As mentioned this occurs mostly on Gallifrey, being rather heavy on the Time Lord lore - indeed, the Sisterhood of Karn turn up again. Rassilon (Donald Sumpter in his fourth appearance in the franchise) is a bit of a busted flush who seems to have lost most of his power - it would have nicer to have Timothy Dalton back, but the other Time Lords are very good, most notably the General that the Doctor shoots - leading to our first on-screen sex change regeneration. I've become a lot more accepting recently of the idea of a female Doctor in fact, with the great job done with the Master/Missy. The planet is back, but out of the way enough that it won't impact things too much.

The ending is a triumph. Clara and Me get to go off and have their own adventures in a TARDIS stuck as an American diner (the same one from "The Impossible Astronaut" in fact, with the console room a replica of the original, complete with some features that were only in the first episode in 1963 then dropped for budget reasons) - there will be fanfic. Meanwhile, the Doctor returns to his own TARDIS, where to the triumphant strains of "A Good Man", Twelve's own leitmotif, he gets a new sonic screwdriver and heads for new adventures.
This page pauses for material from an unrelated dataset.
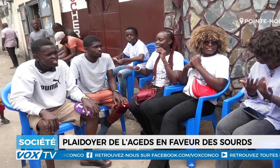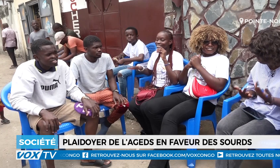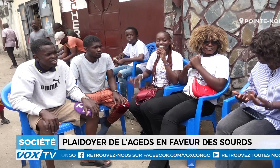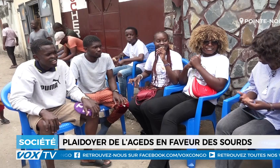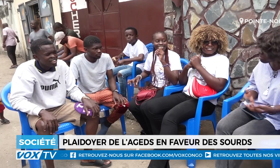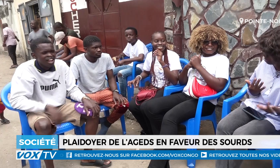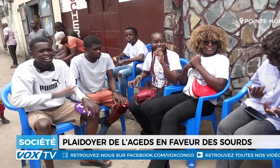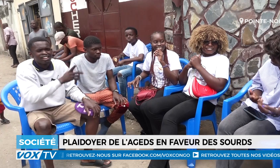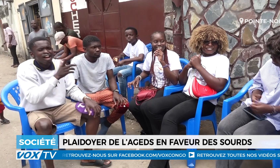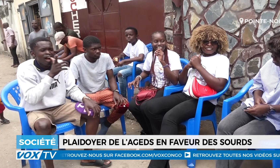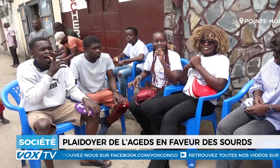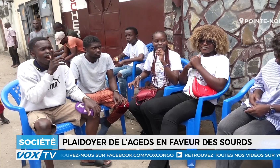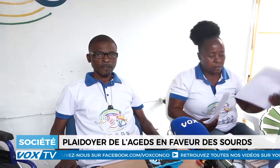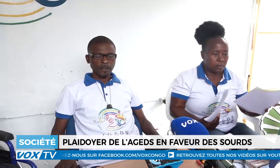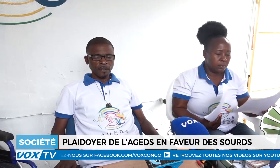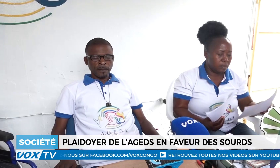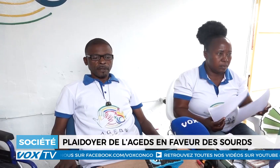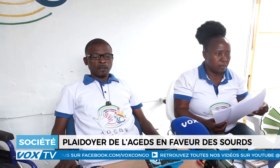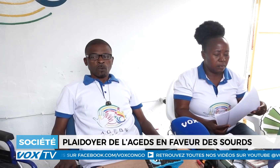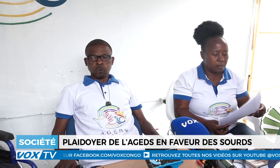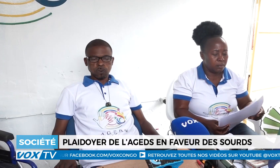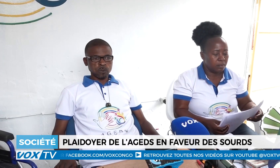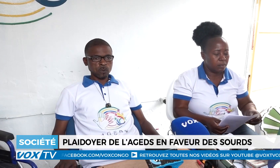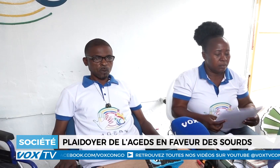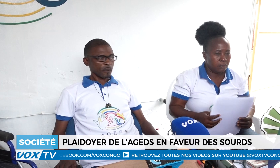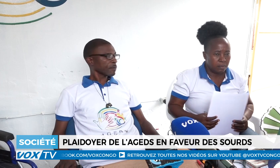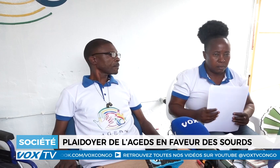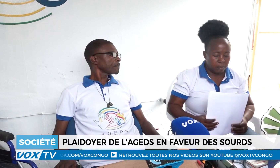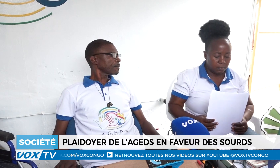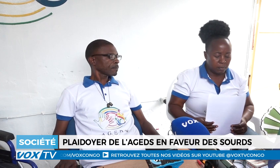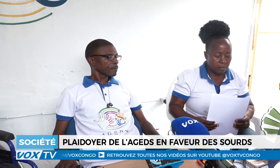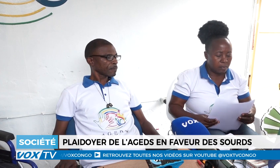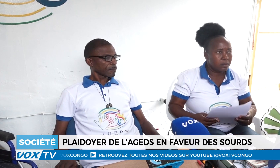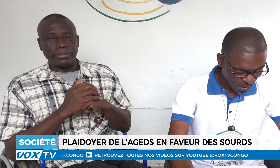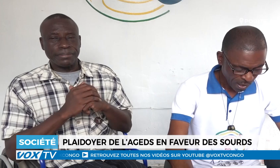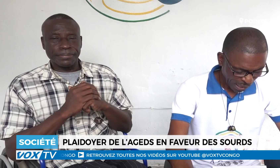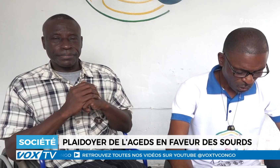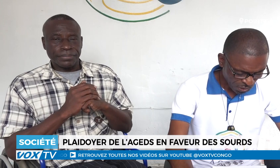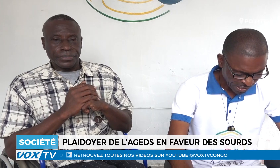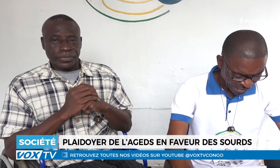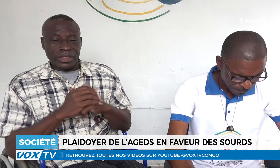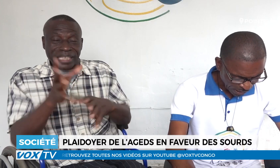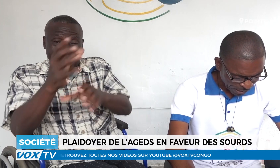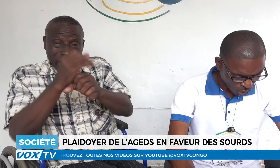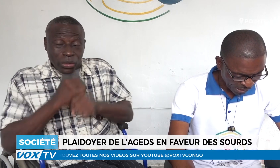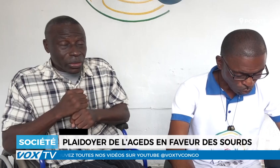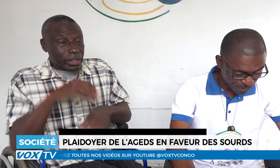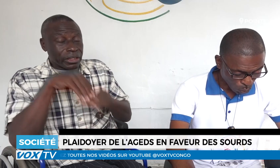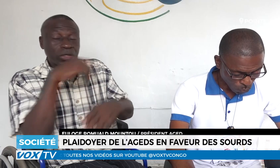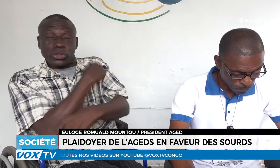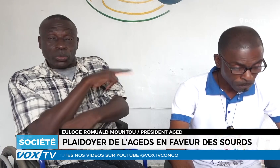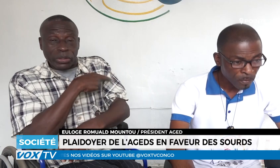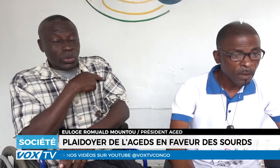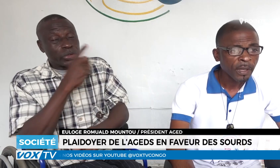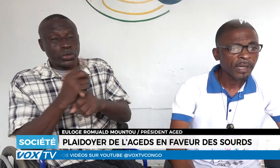Génération Égalité des Droits des Sourds s'emploie à garantir la dignité de cette catégorie sociale. L'accueil inadapté dans les
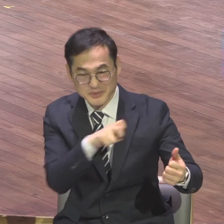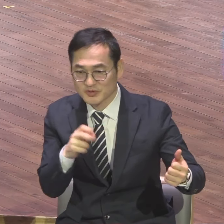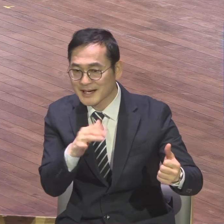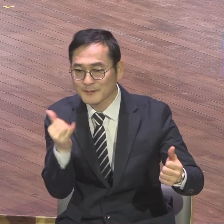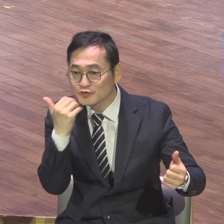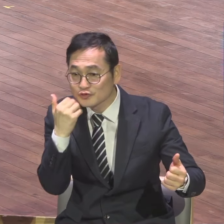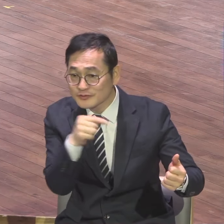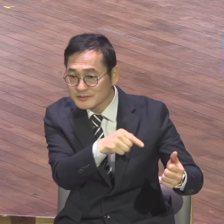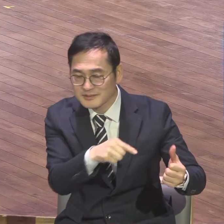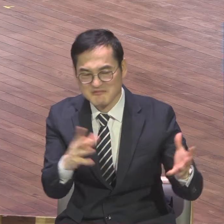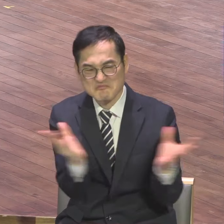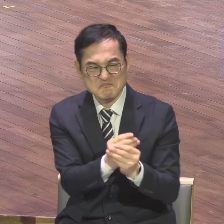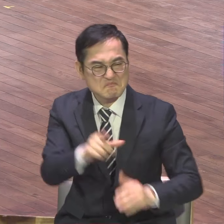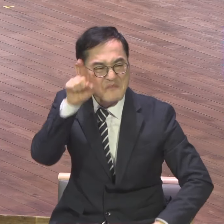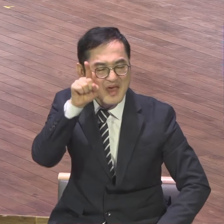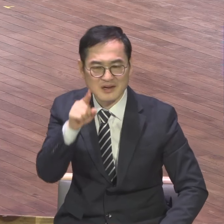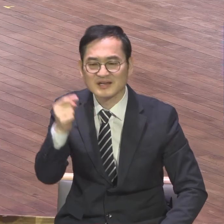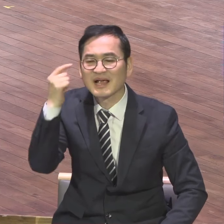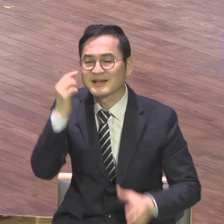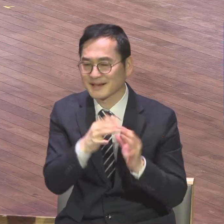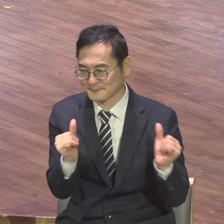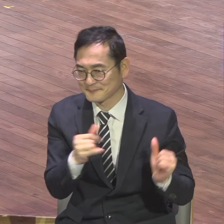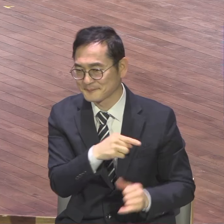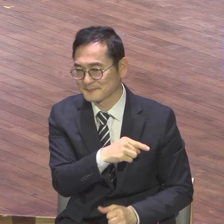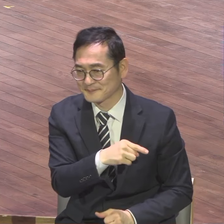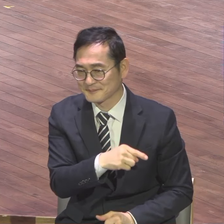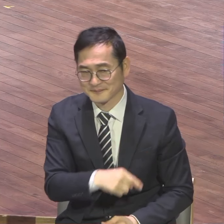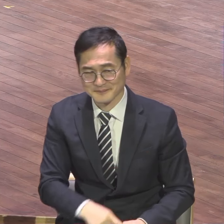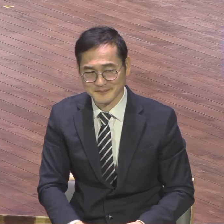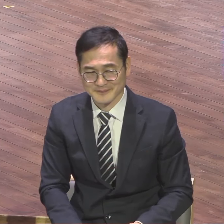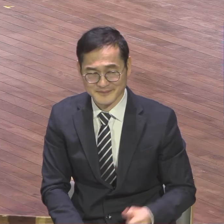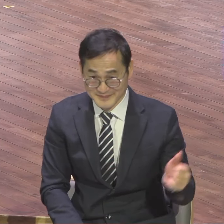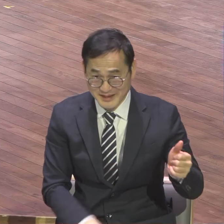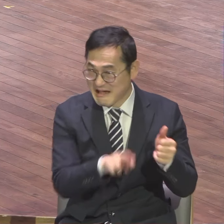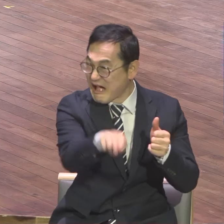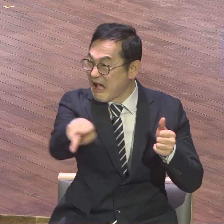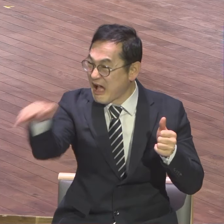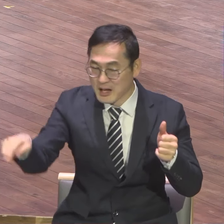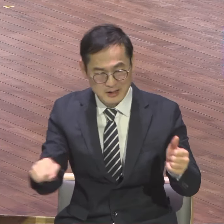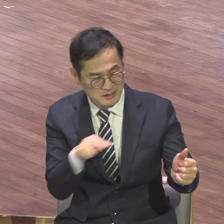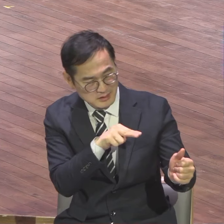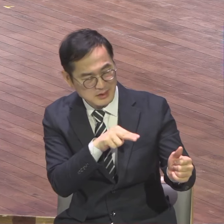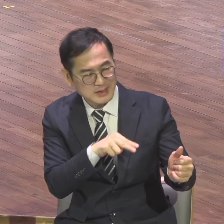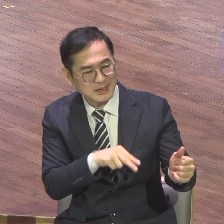그러면서 남 비방하는 사람 이야 이 사람을 완벽하게 사다니는 거 봤네

The former is going to inspire a lot of fan fiction, while the latter allows the BBC to sell yet another toy - I've got two sonic screwdrivers myself; namely the RTD era version (which was a present from the Anglican Chaplaincy at my university when I turned 21) and the version now lying on Skaro.

I will say one further thing about the music here; we get a return for "The Doctor's Theme" (as known as the "Bad Wolf" theme) that dates back to the RTD era as well and it's very nice to hear it in some scenes.

Drawbacks? The episode does drag a bit and some aspects, namely Clara's actions, are a bit predictable; also, as mentioned, Rassilon isn't very good.


While a bit dragging at points, this is an episode that managed to have its cake and eat it. Clara both survives and dies; the Doctor goes off the rails and returns to them before totally destroying himself, while we also get the return of Gallifrey without it being a problem.